Please reproduce the entries in full. Keep every character the same.
##############################
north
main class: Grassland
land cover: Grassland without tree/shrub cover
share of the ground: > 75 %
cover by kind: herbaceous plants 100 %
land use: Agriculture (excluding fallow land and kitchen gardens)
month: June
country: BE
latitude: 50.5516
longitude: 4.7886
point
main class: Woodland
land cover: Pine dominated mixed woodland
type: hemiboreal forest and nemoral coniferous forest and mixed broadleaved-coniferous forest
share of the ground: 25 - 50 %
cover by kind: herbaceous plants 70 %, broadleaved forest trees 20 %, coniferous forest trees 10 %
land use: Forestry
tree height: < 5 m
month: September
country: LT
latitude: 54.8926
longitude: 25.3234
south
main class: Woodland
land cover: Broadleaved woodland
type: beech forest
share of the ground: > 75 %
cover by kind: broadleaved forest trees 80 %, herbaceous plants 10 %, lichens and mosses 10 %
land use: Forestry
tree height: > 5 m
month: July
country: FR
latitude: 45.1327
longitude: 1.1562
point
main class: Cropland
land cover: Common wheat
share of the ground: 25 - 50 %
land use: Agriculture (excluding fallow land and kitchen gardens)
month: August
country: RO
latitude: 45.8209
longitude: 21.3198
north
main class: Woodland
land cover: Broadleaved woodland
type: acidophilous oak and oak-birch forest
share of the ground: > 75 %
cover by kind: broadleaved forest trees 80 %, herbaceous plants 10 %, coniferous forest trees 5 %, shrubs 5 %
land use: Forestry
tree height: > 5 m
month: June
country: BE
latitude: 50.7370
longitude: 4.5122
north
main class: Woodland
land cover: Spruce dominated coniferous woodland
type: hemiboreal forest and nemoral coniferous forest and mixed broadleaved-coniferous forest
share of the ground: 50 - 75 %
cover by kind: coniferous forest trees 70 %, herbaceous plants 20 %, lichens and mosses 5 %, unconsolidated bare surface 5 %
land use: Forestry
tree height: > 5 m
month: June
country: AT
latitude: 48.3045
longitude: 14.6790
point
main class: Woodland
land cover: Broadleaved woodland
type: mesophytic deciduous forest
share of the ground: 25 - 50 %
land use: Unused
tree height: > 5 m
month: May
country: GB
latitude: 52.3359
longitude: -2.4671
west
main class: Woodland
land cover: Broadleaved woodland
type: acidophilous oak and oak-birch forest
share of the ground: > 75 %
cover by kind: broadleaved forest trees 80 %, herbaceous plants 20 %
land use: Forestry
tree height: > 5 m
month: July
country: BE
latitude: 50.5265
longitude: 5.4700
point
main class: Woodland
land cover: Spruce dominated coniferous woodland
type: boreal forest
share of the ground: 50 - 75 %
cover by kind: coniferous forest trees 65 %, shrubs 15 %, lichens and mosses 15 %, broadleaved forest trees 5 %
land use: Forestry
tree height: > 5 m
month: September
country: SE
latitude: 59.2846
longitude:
##############################
Exercise result —
north
main class: Grassland
land cover: Grassland without tree/shrub cover
share of the ground: > 75 %
cover by kind: herbaceous plants 100 %
land use: Agriculture (excluding fallow land and kitchen gardens)
month: June
country: BE
latitude: 50.5516
longitude: 4.7886
point
main class: Woodland
land cover: Pine dominated mixed woodland
type: hemiboreal forest and nemoral coniferous forest and mixed broadleaved-coniferous forest
share of the ground: 25 - 50 %
cover by kind: herbaceous plants 70 %, broadleaved forest trees 20 %, coniferous forest trees 10 %
land use: Forestry
tree height: < 5 m
month: September
country: LT
latitude: 54.8926
longitude: 25.3234
south
main class: Woodland
land cover: Broadleaved woodland
type: beech forest
share of the ground: > 75 %
cover by kind: broadleaved forest trees 80 %, herbaceous plants 10 %, lichens and mosses 10 %
land use: Forestry
tree height: > 5 m
month: July
country: FR
latitude: 45.1327
longitude: 1.1562
point
main class: Cropland
land cover: Common wheat
share of the ground: 25 - 50 %
land use: Agriculture (excluding fallow land and kitchen gardens)
month: August
country: RO
latitude: 45.8209
longitude: 21.3198
north
main class: Woodland
land cover: Broadleaved woodland
type: acidophilous oak and oak-birch forest
share of the ground: > 75 %
cover by kind: broadleaved forest trees 80 %, herbaceous plants 10 %, coniferous forest trees 5 %, shrubs 5 %
land use: Forestry
tree height: > 5 m
month: June
country: BE
latitude: 50.7370
longitude: 4.5122
north
main class: Woodland
land cover: Spruce dominated coniferous woodland
type: hemiboreal forest and nemoral coniferous forest and mixed broadleaved-coniferous forest
share of the ground: 50 - 75 %
cover by kind: coniferous forest trees 70 %, herbaceous plants 20 %, lichens and mosses 5 %, unconsolidated bare surface 5 %
land use: Forestry
tree height: > 5 m
month: June
country: AT
latitude: 48.3045
longitude: 14.6790
point
main class: Woodland
land cover: Broadleaved woodland
type: mesophytic deciduous forest
share of the ground: 25 - 50 %
land use: Unused
tree height: > 5 m
month: May
country: GB
latitude: 52.3359
longitude: -2.4671
west
main class: Woodland
land cover: Broadleaved woodland
type: acidophilous oak and oak-birch forest
share of the ground: > 75 %
cover by kind: broadleaved forest trees 80 %, herbaceous plants 20 %
land use: Forestry
tree height: > 5 m
month: July
country: BE
latitude: 50.5265
longitude: 5.4700
point
main class: Woodland
land cover: Spruce dominated coniferous woodland
type: boreal forest
share of the ground: 50 - 75 %
cover by kind: coniferous forest trees 65 %, shrubs 15 %, lichens and mosses 15 %, broadleaved forest trees 5 %
land use: Forestry
tree height: > 5 m
month: September
country: SE
latitude: 59.2846
longitude:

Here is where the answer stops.